Work to be completed: Transcribe word for word the lines below from the line with "L70.541,59.495 C65.398,59.494 61.229,63.629" through the line with "C22.308,70.1 19.223,71.386 16.005,71.376", ends included.

Records supplied:
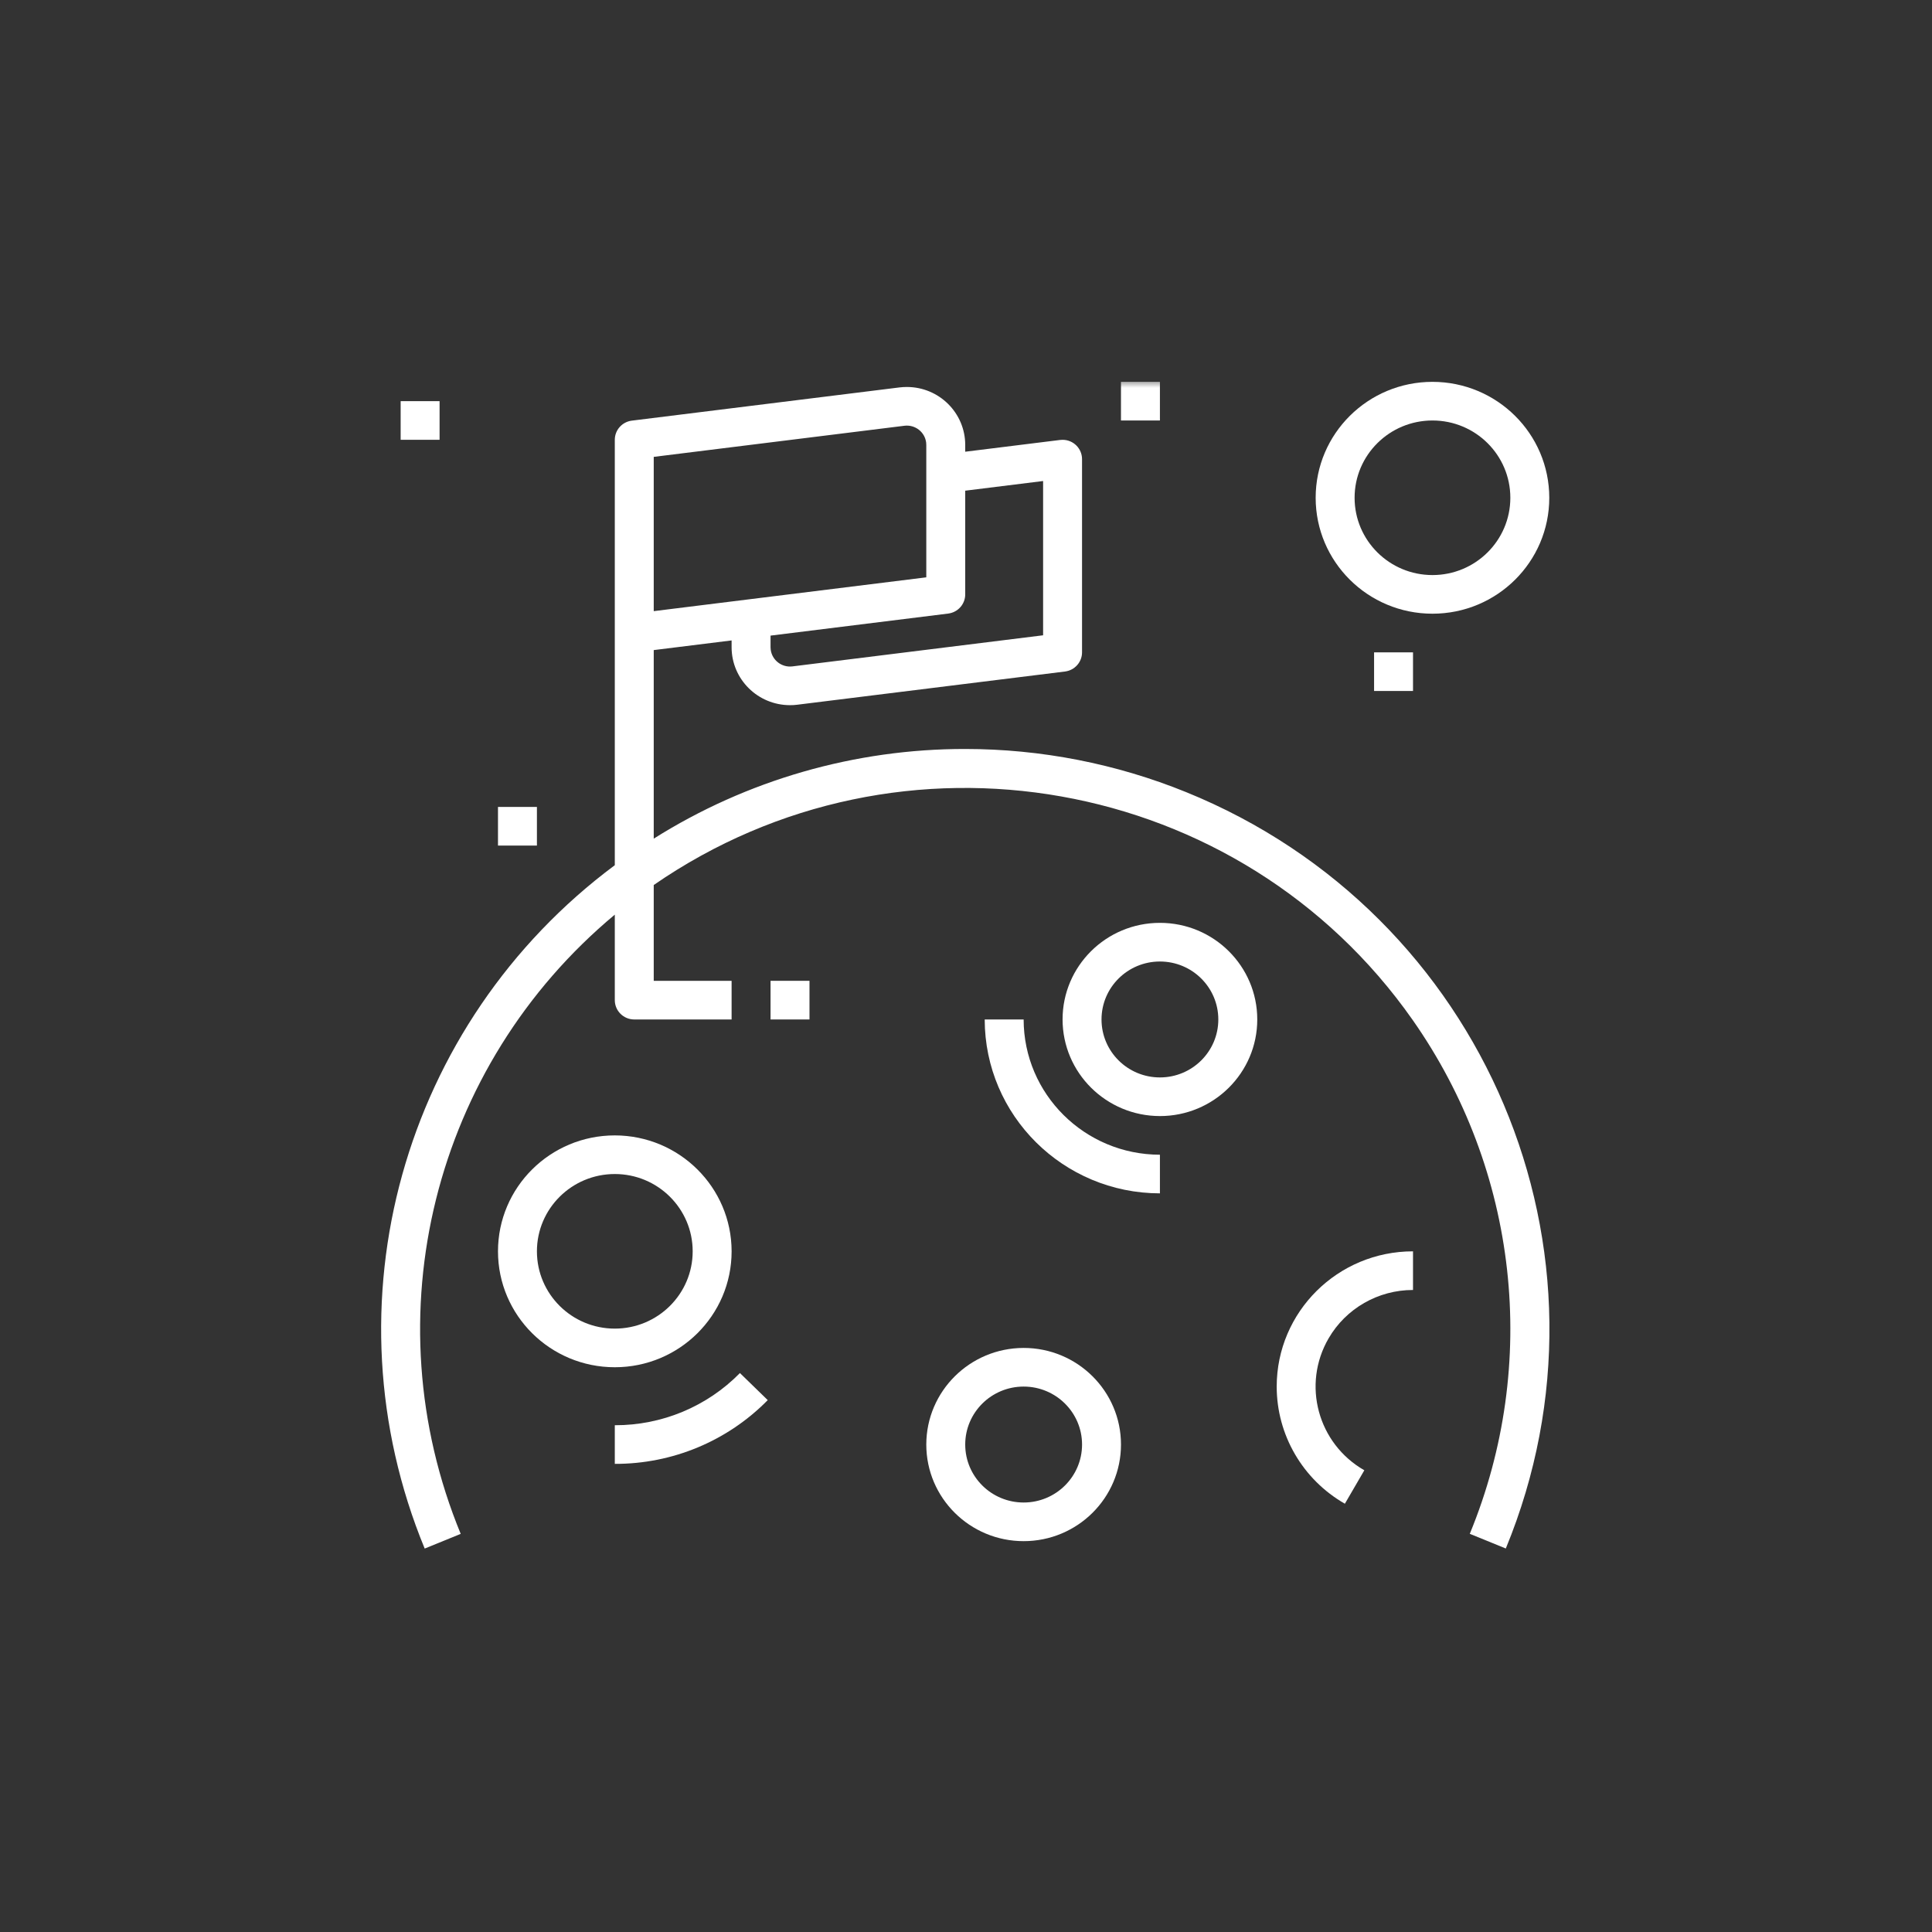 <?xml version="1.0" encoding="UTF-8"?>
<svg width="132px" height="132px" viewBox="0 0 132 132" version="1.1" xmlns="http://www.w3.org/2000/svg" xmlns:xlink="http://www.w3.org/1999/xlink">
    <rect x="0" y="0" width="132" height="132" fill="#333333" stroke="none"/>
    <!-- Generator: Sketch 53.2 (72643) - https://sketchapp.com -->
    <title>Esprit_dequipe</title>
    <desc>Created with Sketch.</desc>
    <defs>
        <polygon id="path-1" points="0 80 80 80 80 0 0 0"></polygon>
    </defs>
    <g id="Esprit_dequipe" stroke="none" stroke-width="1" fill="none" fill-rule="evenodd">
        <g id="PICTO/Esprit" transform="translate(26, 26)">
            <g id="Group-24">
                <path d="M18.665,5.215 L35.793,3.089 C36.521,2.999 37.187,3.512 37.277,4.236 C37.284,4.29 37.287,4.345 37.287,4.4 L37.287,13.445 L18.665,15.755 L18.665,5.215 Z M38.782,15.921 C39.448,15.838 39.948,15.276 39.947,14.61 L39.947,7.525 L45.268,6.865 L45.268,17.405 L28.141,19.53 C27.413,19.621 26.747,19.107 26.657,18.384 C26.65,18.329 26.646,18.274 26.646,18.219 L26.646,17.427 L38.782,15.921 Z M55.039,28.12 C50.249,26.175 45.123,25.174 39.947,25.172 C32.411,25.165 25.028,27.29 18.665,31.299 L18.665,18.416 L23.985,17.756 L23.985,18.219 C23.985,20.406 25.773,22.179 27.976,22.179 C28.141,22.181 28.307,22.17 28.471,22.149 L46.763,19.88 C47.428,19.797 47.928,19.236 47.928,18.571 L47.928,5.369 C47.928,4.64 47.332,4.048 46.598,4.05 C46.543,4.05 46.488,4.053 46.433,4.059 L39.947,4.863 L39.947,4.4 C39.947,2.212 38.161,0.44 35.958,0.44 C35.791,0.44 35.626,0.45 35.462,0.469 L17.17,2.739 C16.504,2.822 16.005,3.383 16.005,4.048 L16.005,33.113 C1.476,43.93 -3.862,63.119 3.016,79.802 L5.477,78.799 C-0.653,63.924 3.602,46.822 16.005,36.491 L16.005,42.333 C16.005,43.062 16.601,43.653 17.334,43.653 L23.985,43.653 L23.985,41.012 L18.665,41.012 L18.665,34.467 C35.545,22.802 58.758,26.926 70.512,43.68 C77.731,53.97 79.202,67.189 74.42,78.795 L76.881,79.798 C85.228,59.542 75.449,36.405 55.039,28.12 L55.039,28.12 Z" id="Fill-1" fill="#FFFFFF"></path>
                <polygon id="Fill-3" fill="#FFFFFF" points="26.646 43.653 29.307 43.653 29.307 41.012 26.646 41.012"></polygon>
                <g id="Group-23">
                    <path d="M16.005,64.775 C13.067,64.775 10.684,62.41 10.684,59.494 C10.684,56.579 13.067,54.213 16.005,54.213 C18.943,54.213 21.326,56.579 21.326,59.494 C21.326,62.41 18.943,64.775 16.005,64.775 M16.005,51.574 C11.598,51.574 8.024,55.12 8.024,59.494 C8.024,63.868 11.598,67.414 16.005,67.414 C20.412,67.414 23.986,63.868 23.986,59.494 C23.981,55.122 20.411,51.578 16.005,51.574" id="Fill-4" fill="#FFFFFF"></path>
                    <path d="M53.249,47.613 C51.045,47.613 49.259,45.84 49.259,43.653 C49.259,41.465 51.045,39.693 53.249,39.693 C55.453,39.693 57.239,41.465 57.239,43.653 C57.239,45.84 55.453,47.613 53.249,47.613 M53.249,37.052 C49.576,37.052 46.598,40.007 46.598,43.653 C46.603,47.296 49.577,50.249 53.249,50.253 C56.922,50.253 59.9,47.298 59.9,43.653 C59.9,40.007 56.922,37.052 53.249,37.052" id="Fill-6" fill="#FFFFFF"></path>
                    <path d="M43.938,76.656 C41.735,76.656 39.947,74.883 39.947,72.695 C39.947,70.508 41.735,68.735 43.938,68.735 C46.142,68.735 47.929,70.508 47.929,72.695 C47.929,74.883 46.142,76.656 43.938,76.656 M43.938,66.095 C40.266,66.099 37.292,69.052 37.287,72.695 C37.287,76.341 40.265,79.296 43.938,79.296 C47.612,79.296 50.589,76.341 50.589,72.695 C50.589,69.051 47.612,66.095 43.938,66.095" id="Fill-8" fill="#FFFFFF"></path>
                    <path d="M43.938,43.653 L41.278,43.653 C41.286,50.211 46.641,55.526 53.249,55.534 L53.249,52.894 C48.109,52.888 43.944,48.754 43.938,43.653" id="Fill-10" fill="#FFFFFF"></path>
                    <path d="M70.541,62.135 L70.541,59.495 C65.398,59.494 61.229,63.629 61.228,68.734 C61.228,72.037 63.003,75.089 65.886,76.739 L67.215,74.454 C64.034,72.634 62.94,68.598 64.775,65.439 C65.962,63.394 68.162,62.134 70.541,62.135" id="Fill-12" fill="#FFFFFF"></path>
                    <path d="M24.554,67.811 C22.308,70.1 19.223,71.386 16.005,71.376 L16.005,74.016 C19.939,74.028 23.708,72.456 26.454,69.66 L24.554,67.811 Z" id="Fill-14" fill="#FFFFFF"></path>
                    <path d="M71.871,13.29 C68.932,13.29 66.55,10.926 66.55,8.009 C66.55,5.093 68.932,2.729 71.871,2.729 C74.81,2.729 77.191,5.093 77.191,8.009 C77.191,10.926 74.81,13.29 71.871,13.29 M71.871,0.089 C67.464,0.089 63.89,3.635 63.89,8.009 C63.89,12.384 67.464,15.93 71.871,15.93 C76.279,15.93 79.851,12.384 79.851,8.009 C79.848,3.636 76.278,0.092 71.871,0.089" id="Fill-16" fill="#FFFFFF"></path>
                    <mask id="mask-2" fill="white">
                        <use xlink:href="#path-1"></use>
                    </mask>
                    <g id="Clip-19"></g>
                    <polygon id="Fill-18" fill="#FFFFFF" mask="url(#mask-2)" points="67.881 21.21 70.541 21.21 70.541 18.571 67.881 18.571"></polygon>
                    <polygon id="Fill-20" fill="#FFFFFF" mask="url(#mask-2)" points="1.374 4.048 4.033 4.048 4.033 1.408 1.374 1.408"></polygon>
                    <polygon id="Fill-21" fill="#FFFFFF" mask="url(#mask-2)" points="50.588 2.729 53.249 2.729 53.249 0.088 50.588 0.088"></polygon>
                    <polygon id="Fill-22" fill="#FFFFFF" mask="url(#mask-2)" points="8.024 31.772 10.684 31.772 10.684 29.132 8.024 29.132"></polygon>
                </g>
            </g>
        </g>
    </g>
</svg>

Task answer:
                    <path d="M70.541,62.135 L70.541,59.495 C65.398,59.494 61.229,63.629 61.228,68.734 C61.228,72.037 63.003,75.089 65.886,76.739 L67.215,74.454 C64.034,72.634 62.94,68.598 64.775,65.439 C65.962,63.394 68.162,62.134 70.541,62.135" id="Fill-12" fill="#FFFFFF"></path>
                    <path d="M24.554,67.811 C22.308,70.1 19.223,71.386 16.005,71.376 L16.005,74.016 C19.939,74.028 23.708,72.456 26.454,69.66 L24.554,67.811 Z" id="Fill-14" fill="#FFFFFF"></path>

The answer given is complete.